Task objective ▸
All of the records that follow need to be copied word for word, without the pictures.

Supplied entries ▸

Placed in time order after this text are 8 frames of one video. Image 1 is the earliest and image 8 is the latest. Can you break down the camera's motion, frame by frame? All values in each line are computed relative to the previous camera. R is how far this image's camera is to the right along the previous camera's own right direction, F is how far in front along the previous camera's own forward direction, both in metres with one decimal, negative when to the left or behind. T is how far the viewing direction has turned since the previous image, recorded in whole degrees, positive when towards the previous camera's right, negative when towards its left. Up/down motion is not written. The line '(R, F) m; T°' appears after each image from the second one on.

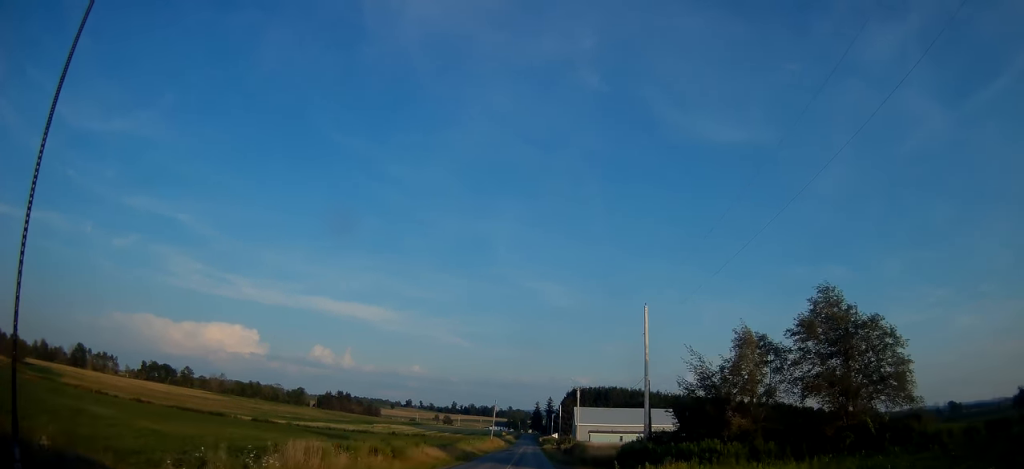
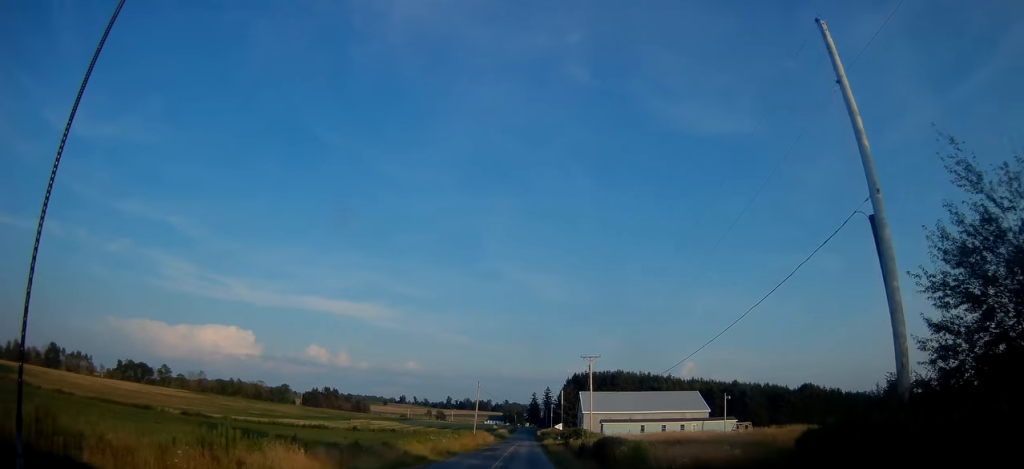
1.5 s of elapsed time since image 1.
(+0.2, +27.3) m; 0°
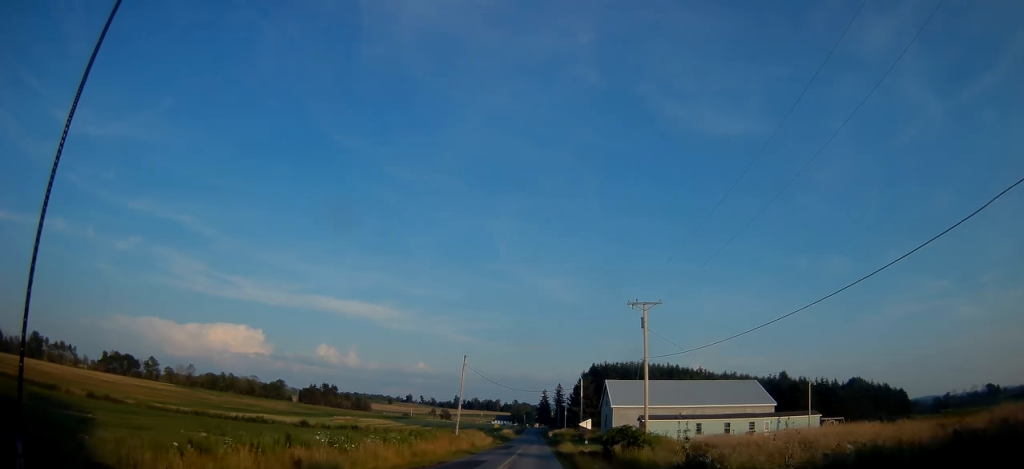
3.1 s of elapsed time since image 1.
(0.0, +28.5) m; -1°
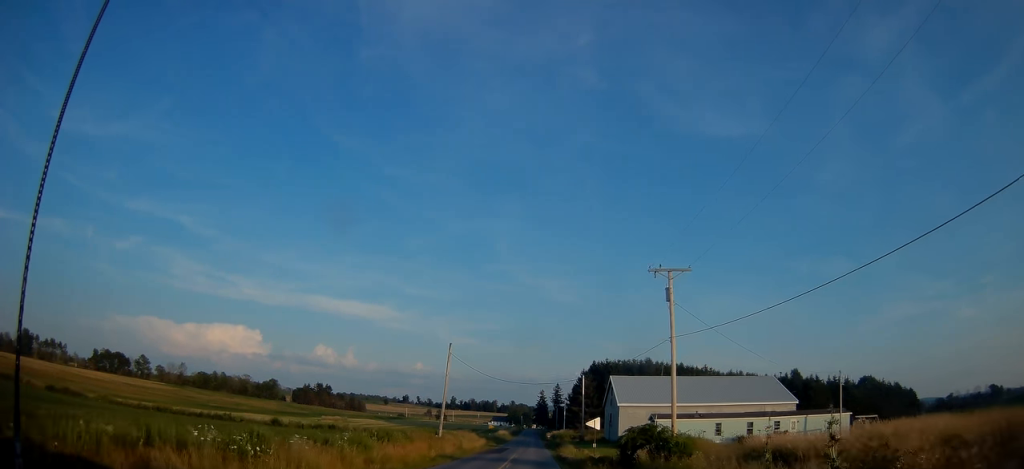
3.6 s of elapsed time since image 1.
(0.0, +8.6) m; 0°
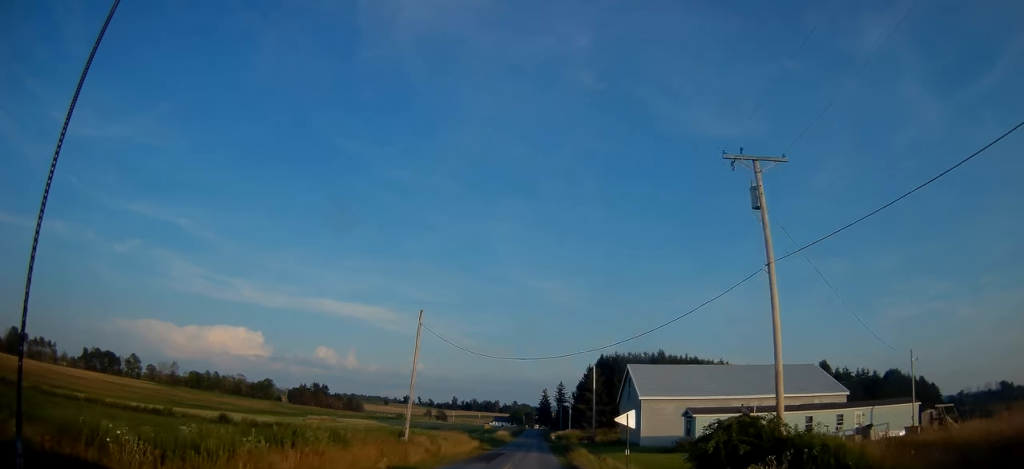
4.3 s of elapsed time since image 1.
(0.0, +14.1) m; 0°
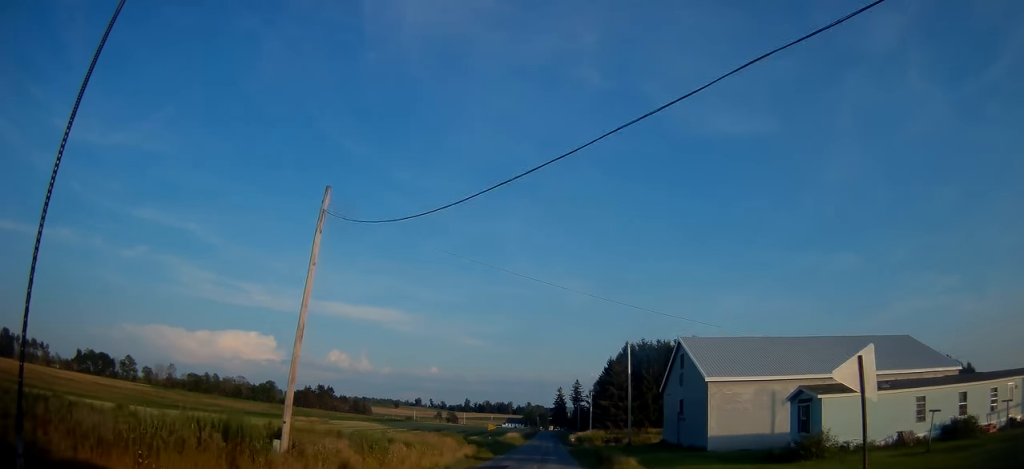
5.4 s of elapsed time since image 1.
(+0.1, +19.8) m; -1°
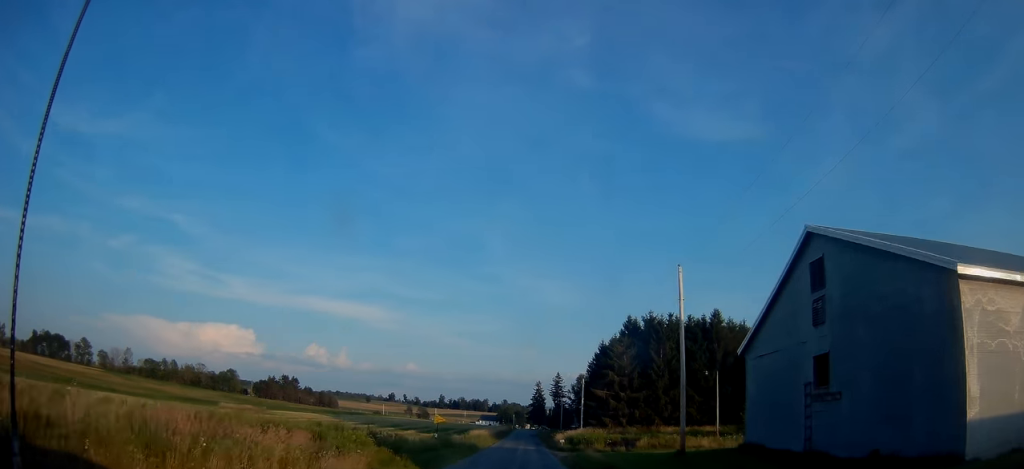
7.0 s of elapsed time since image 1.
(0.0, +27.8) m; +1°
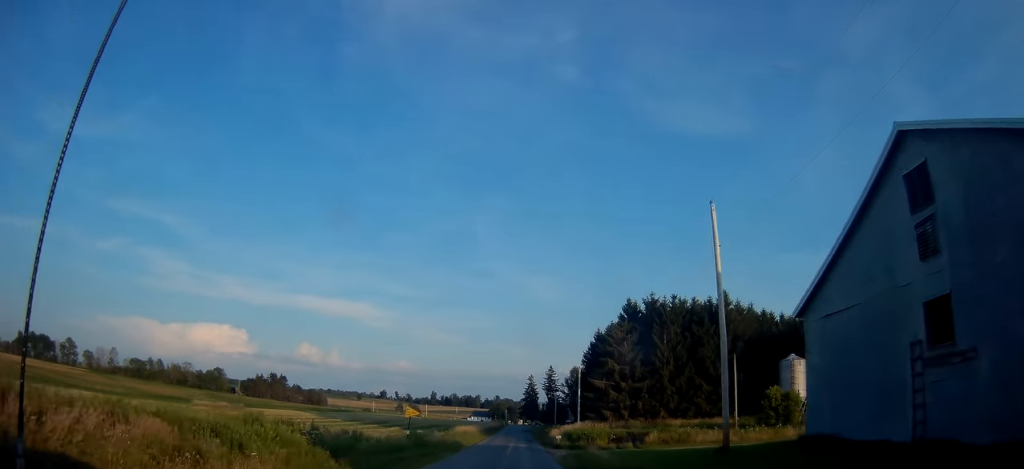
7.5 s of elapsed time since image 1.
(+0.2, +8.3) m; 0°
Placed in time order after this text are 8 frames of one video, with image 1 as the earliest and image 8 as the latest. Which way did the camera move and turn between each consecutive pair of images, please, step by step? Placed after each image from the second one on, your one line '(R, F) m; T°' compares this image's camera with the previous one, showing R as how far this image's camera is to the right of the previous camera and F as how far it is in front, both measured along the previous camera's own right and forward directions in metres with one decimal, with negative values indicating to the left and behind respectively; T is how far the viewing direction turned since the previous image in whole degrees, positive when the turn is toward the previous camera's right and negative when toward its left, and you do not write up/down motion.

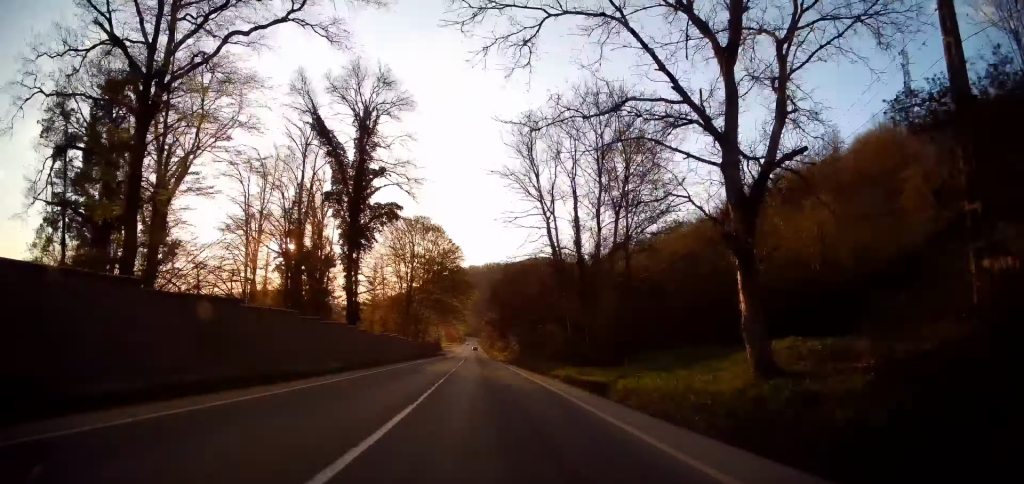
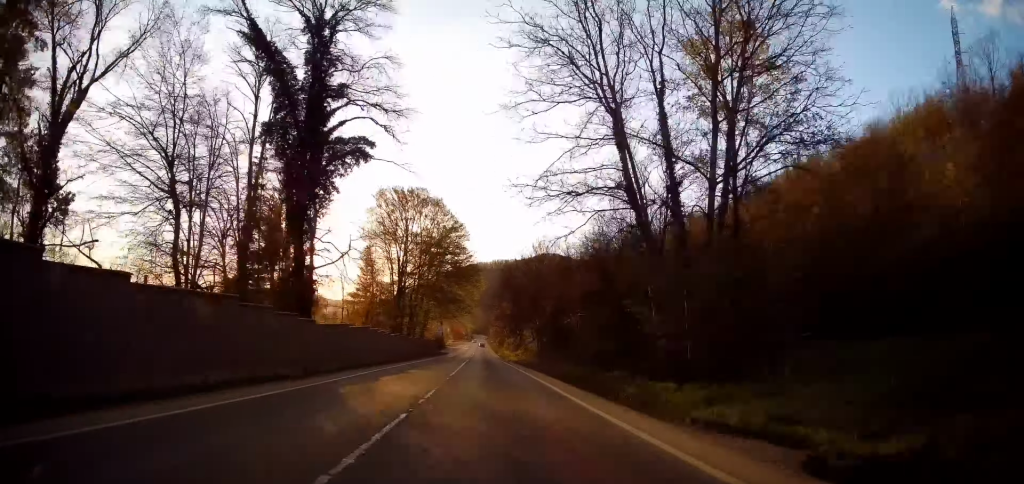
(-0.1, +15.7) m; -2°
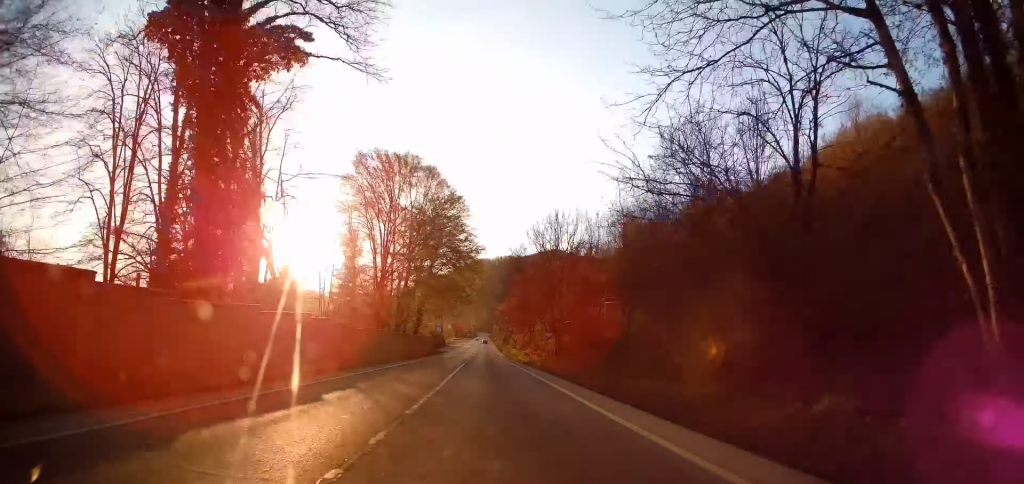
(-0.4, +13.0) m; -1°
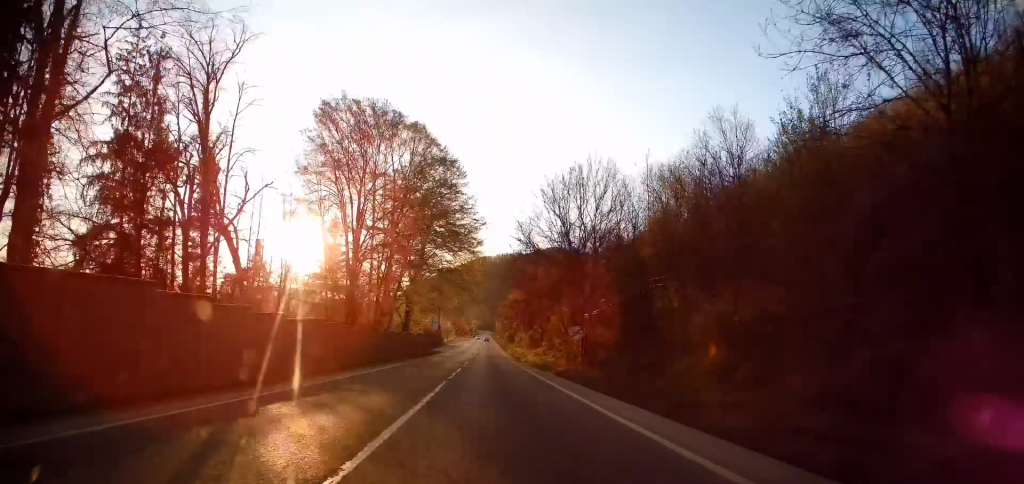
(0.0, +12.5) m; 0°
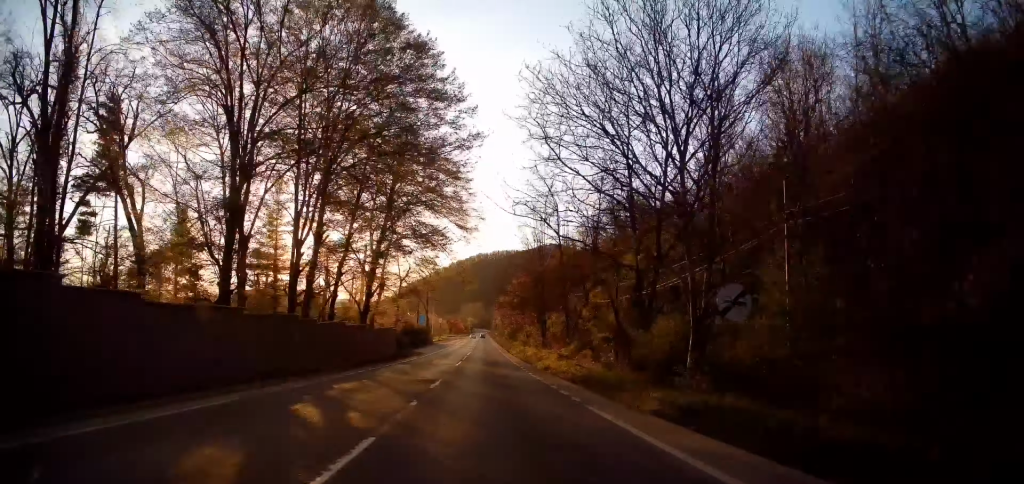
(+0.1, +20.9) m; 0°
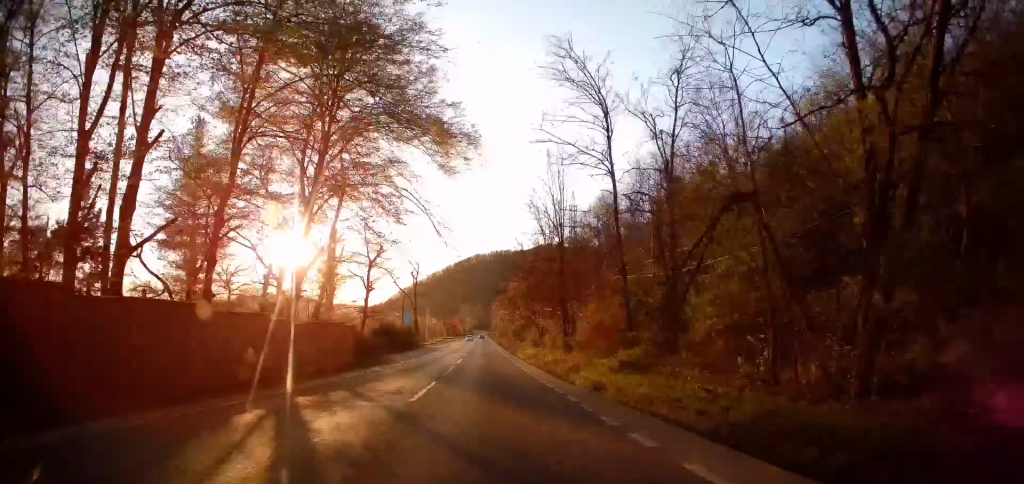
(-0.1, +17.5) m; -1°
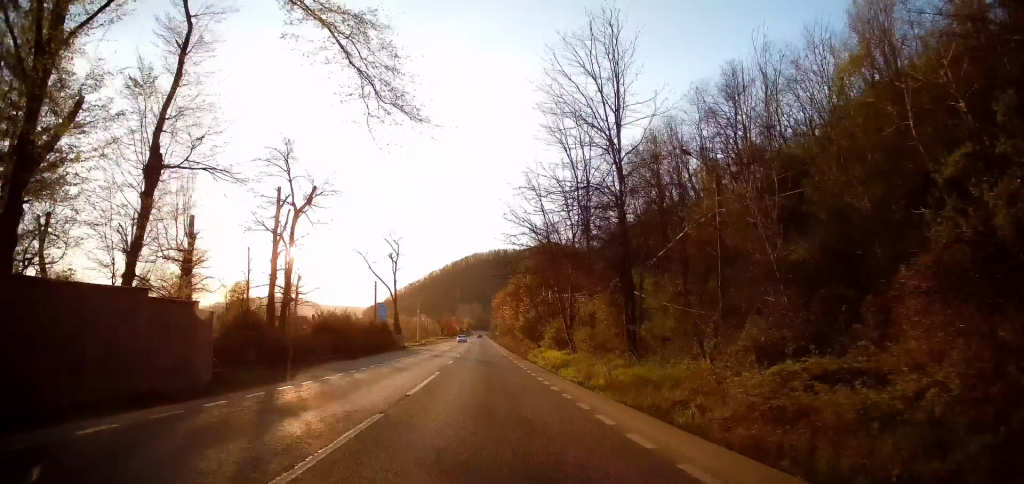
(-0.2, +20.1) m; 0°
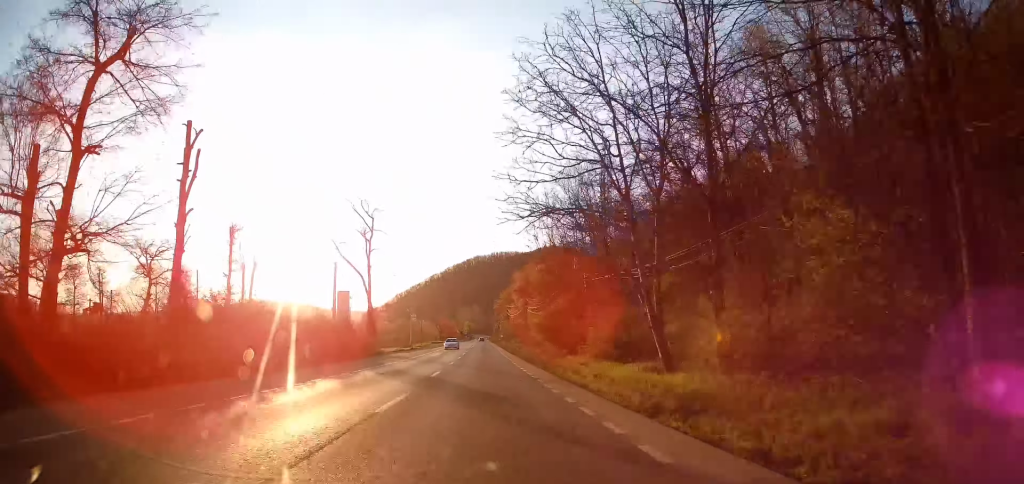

Task response ▸
Placed in time order after this text are 8 frames of one video. Image 1 is the earliest and image 8 is the latest. Can you break down the camera's motion, frame by frame? All values in each line are computed relative to the previous camera. R is how far this image's camera is to the right along the previous camera's own right direction, F is how far in front along the previous camera's own forward direction, both in metres with one decimal, negative when to the left or behind. T is how far the viewing direction has turned since the previous image, recorded in whole degrees, positive when towards the previous camera's right, negative when towards its left. Up/down motion is not written. The line '(R, F) m; T°' appears after each image from the second one on.

1.5 s of elapsed time since image 1.
(+0.2, +27.3) m; 0°
3.1 s of elapsed time since image 1.
(0.0, +28.5) m; -1°
3.6 s of elapsed time since image 1.
(0.0, +8.6) m; 0°
4.3 s of elapsed time since image 1.
(0.0, +14.1) m; 0°
5.4 s of elapsed time since image 1.
(+0.1, +19.8) m; -1°
7.0 s of elapsed time since image 1.
(0.0, +27.8) m; +1°
7.5 s of elapsed time since image 1.
(+0.2, +8.3) m; 0°
Placed in time order after this text are 8 frames of one video, with image 1 as the earliest and image 8 as the latest. Which way did the camera move and turn between each consecutive pair of images, please, step by step? Placed after each image from the second one on, your one line '(R, F) m; T°' compares this image's camera with the previous one, showing R as how far this image's camera is to the right of the previous camera and F as how far it is in front, both measured along the previous camera's own right and forward directions in metres with one decimal, with negative values indicating to the left and behind respectively; T is how far the viewing direction turned since the previous image in whole degrees, positive when the turn is toward the previous camera's right and negative when toward its left, and you do not write up/down motion.

(-0.1, +15.7) m; -2°
(-0.4, +13.0) m; -1°
(0.0, +12.5) m; 0°
(+0.1, +20.9) m; 0°
(-0.1, +17.5) m; -1°
(-0.2, +20.1) m; 0°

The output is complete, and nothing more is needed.